The death of Archbishop Desmond Tutu last December made headlines for many reasons, not least because of Tutu’s great reputation as an anti-apartheid advocate and humanitarian. But there was also another reason his death was trending—he requested that his remains be “aquamated” and interred in a simple wooden box at St. George’s Cathedral in Cape Town, South Africa.
Despite the cutting-edge name, aquamation (otherwise known as alkaline hydrolysis) is a fairly simple way to use water, heat, and alkali chemicals to accelerate the decomposition of the body. First used in 1995 to safely manage human remains donated to science, aquamation’s mainstream draw these days is that it produces 90 percent less carbon emissions than flame cremation. A funeral home in Florida first began offering it as a burial service in 2011, and in the past 10 years, advocates of aquamation have been petitioning to make it legal and accessible around the world.

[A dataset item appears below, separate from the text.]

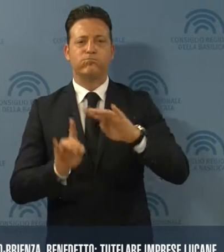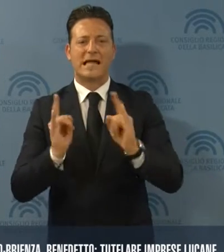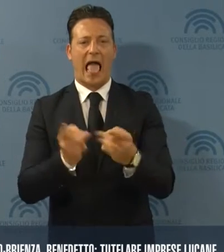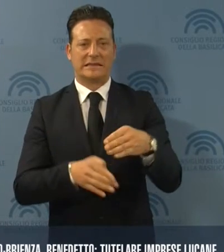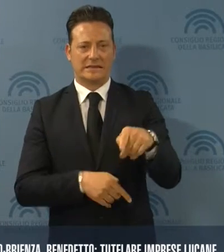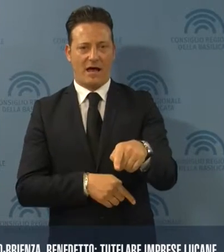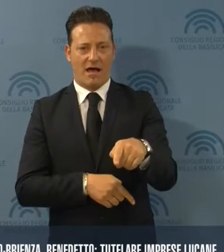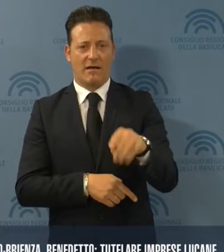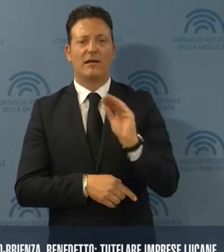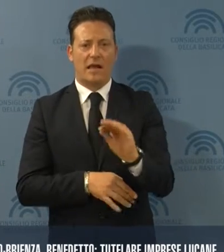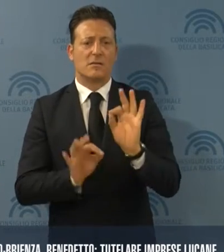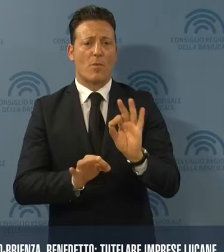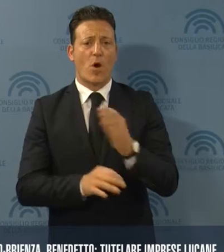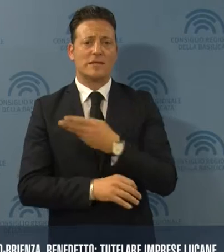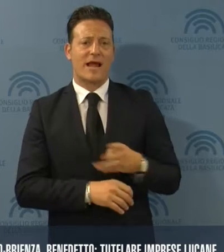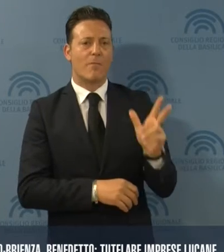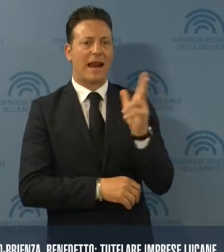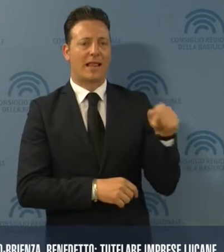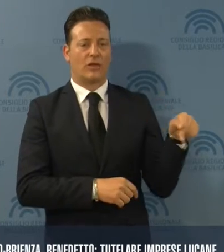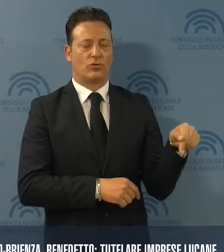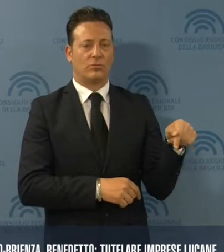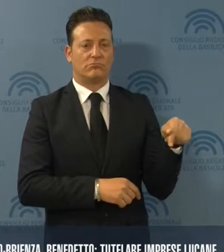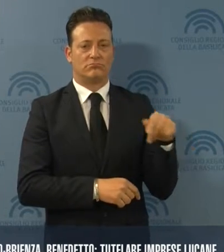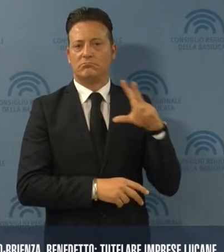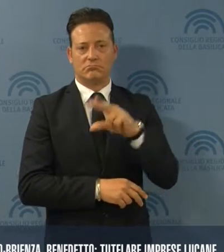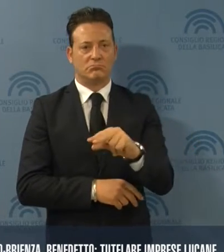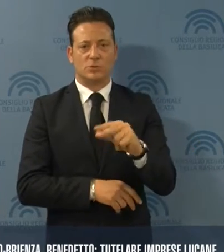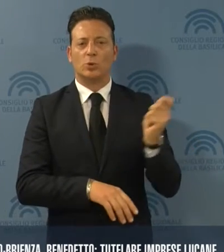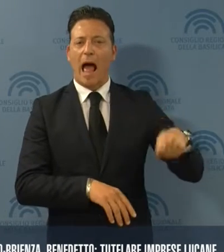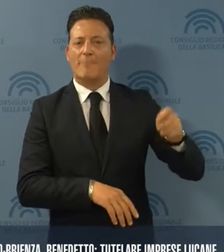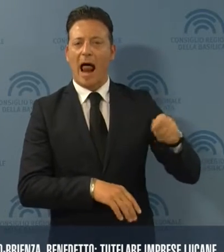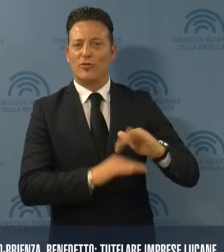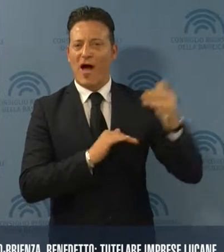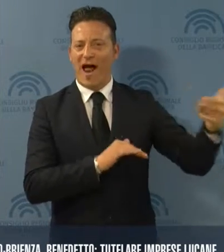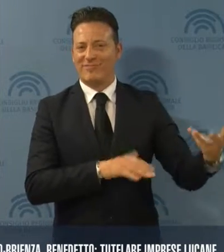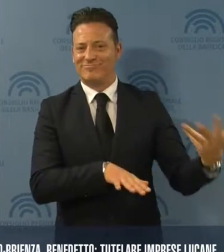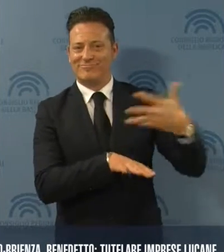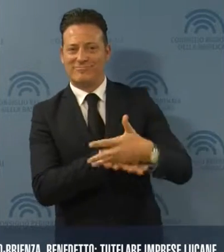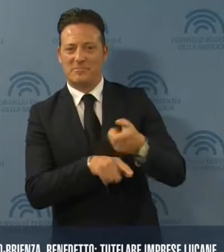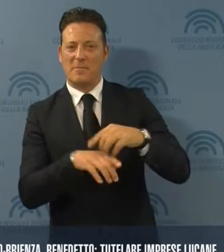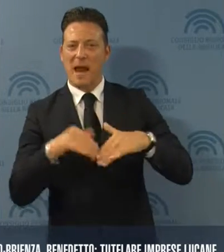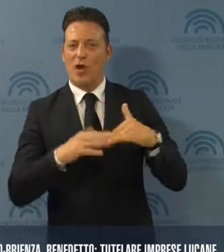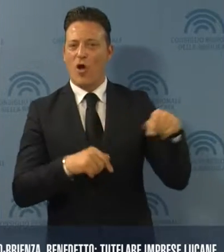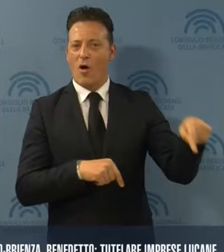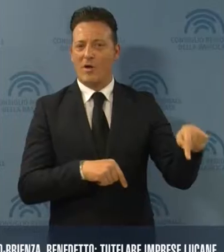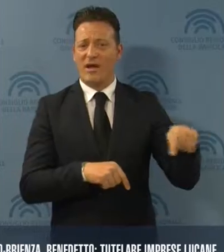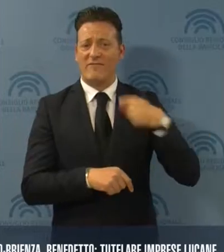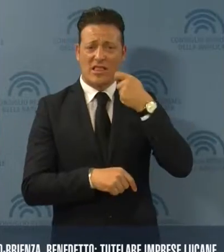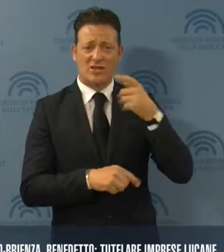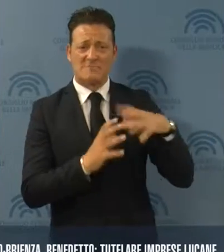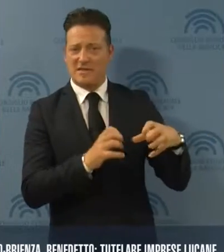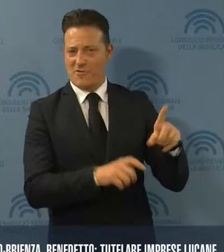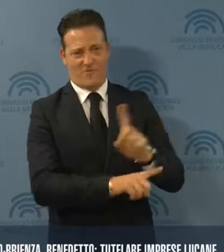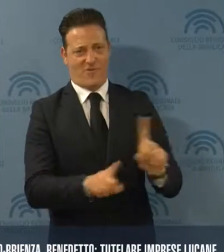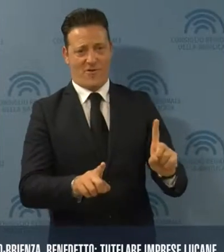richiesta del consigliere Benedetto. Non consentiremo che i subappalto e manodopera siano solo avvantaggio di imprese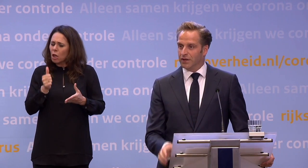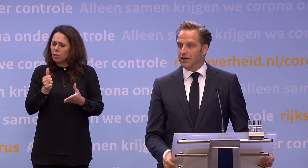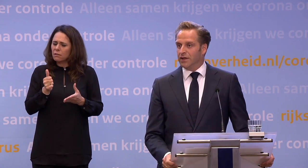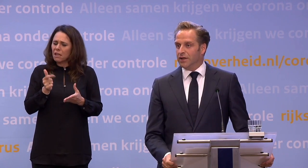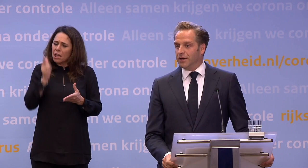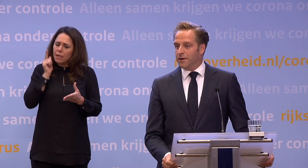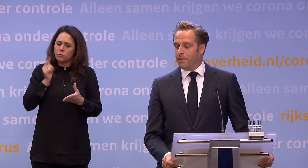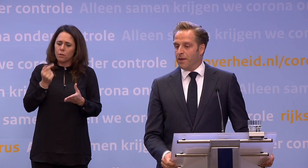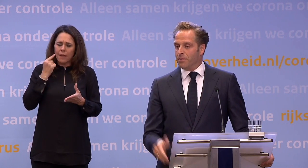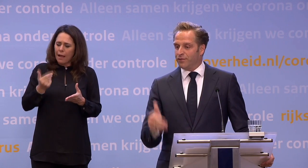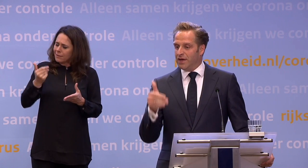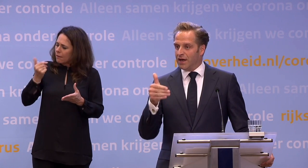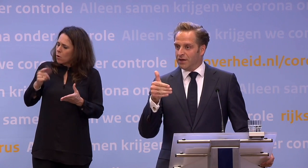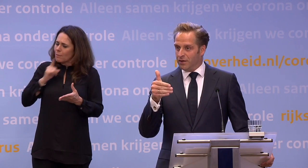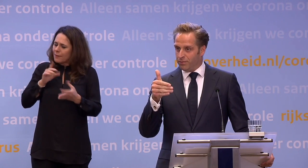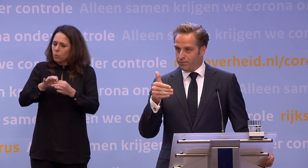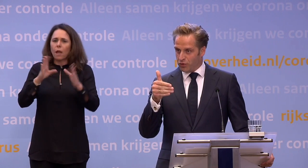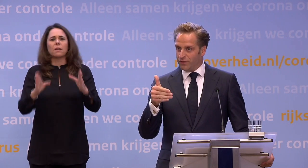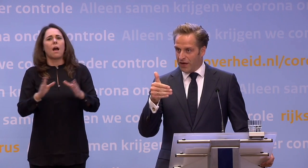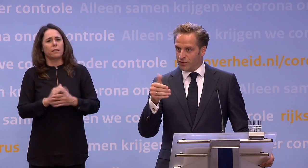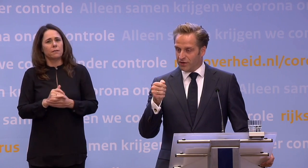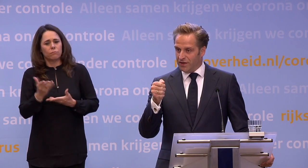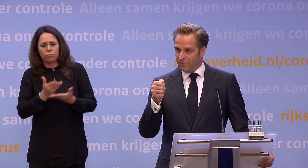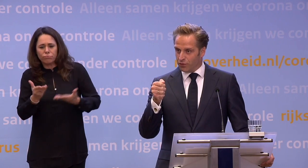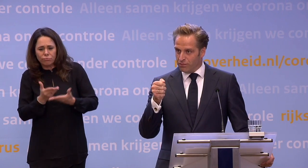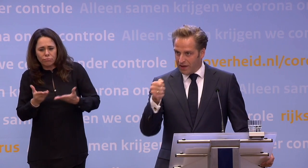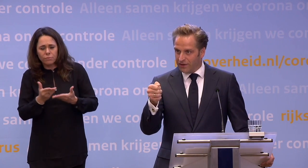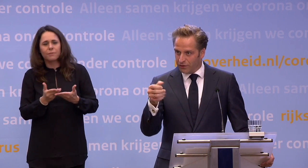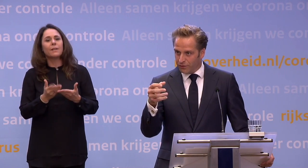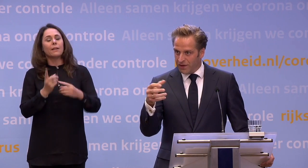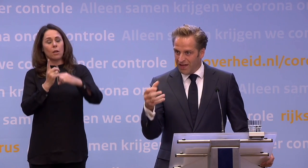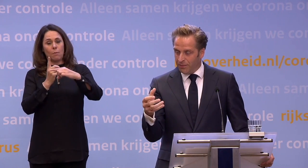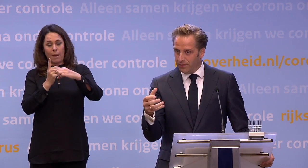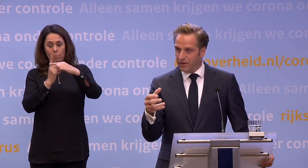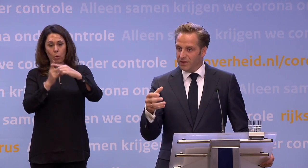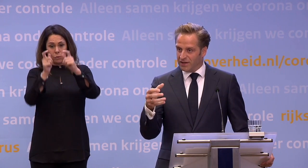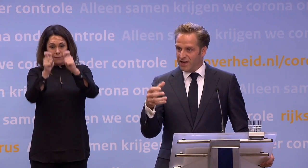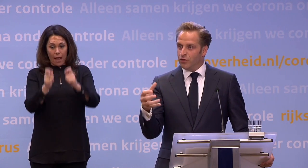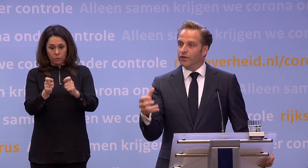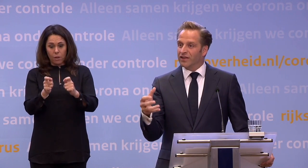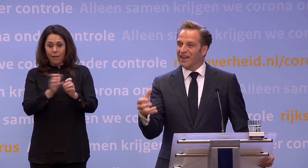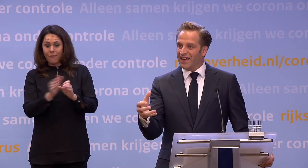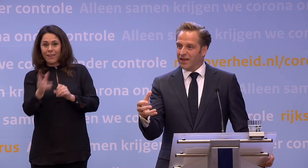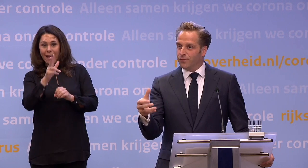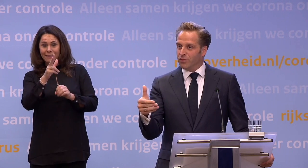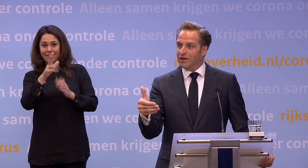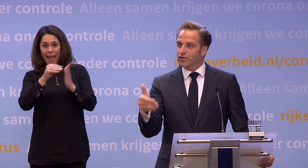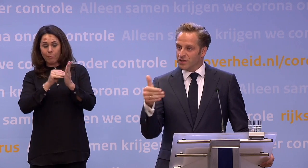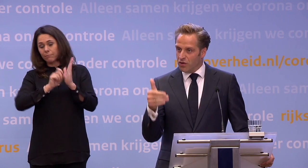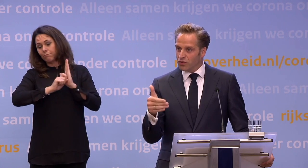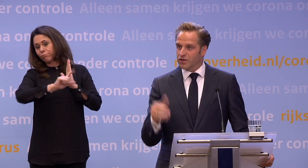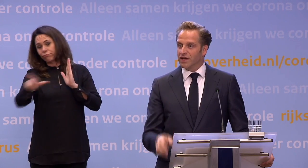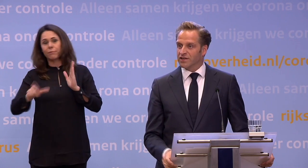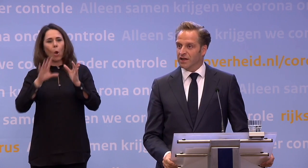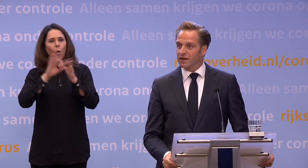daarvoor. Maar via een positieve uitslag die wordt meegedeeld via die app... ...ja, zijn die contacten gelijk geïnformeerd.

Aquamation is now emerging as one of a number of new end-of-life practices that offer a gentler environmental impact than traditional funeral options. With the realities of climate and ecological collapse nipping aggressively at our heels as we enter our third year of an increasingly tragic global pandemic, the oft-taboo topic of death has rarely been more openly discussed than the present day. Even our deaths have an environmental cost, and the urgency to limit our carbon footprints has begun forcing us to reconsider how we leave our mortal meat suits behind.
Approximately 1.4 million acres of land in the U.S. is used for cemeteries. Bodies are buried using an annual 4 million gallons of embalming fluid made from highly carcinogenic chemicals, including formaldehyde, solvents and disinfectants. Traditional burials may involve caskets built from 150 million board feet of hardwood, and grave liners poured into the ground are made of concrete, plastic, or bronze—far from biodegradable materials.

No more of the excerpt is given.